Records drawn from a dataset
= Beginning of Section =

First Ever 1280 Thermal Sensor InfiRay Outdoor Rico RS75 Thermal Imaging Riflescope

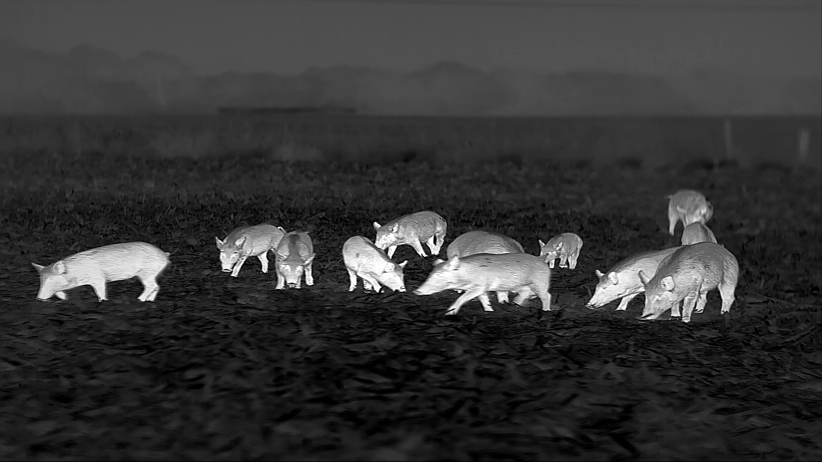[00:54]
We got our hands on the first 1280 high-definition camera.
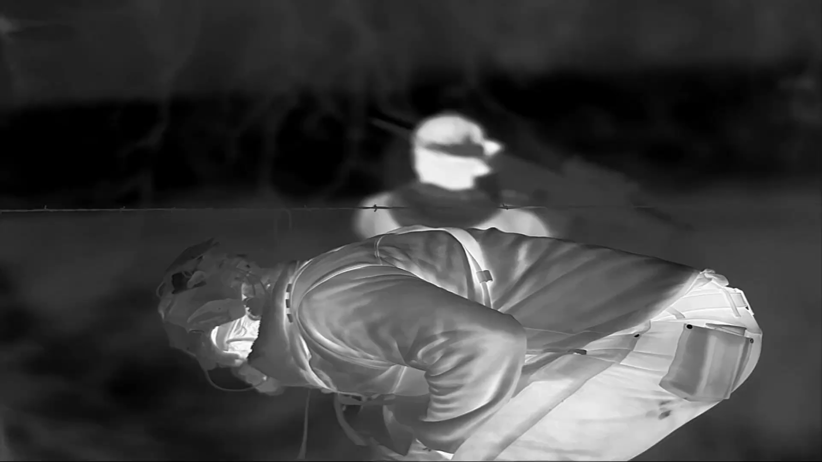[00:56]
We were blown away by the quality of the images it was producing.
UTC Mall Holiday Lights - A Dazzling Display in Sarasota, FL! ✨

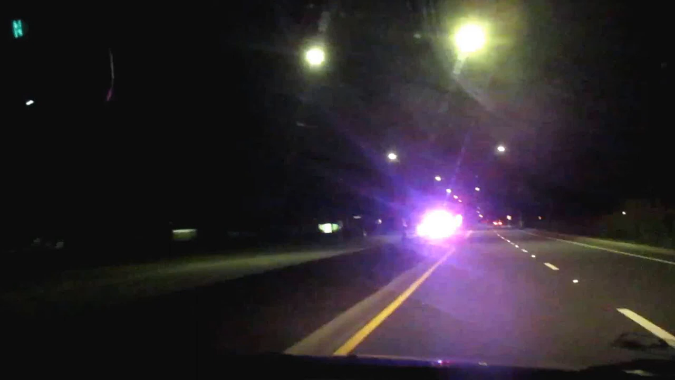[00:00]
We're going to check out the Christmas tree lights at University Town Center. Here's some red and blue ones right there. Oh, I don't think those are Christmas tree lights. And now we've got lights along this boulevard here.
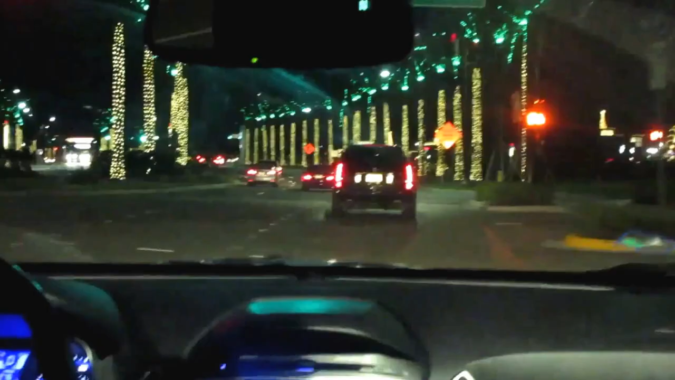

= End of Section =

Problem
Pictures are to be omitted. The lines from the line holding "UTC Mall Holiday" through the closing line of the data above are to be set down exactly, and nothing more.

Your response
UTC Mall Holiday Lights - A Dazzling Display in Sarasota, FL! ✨

[00:00]
We're going to check out the Christmas tree lights at University Town Center. Here's some red and blue ones right there. Oh, I don't think those are Christmas tree lights. And now we've got lights along this boulevard here.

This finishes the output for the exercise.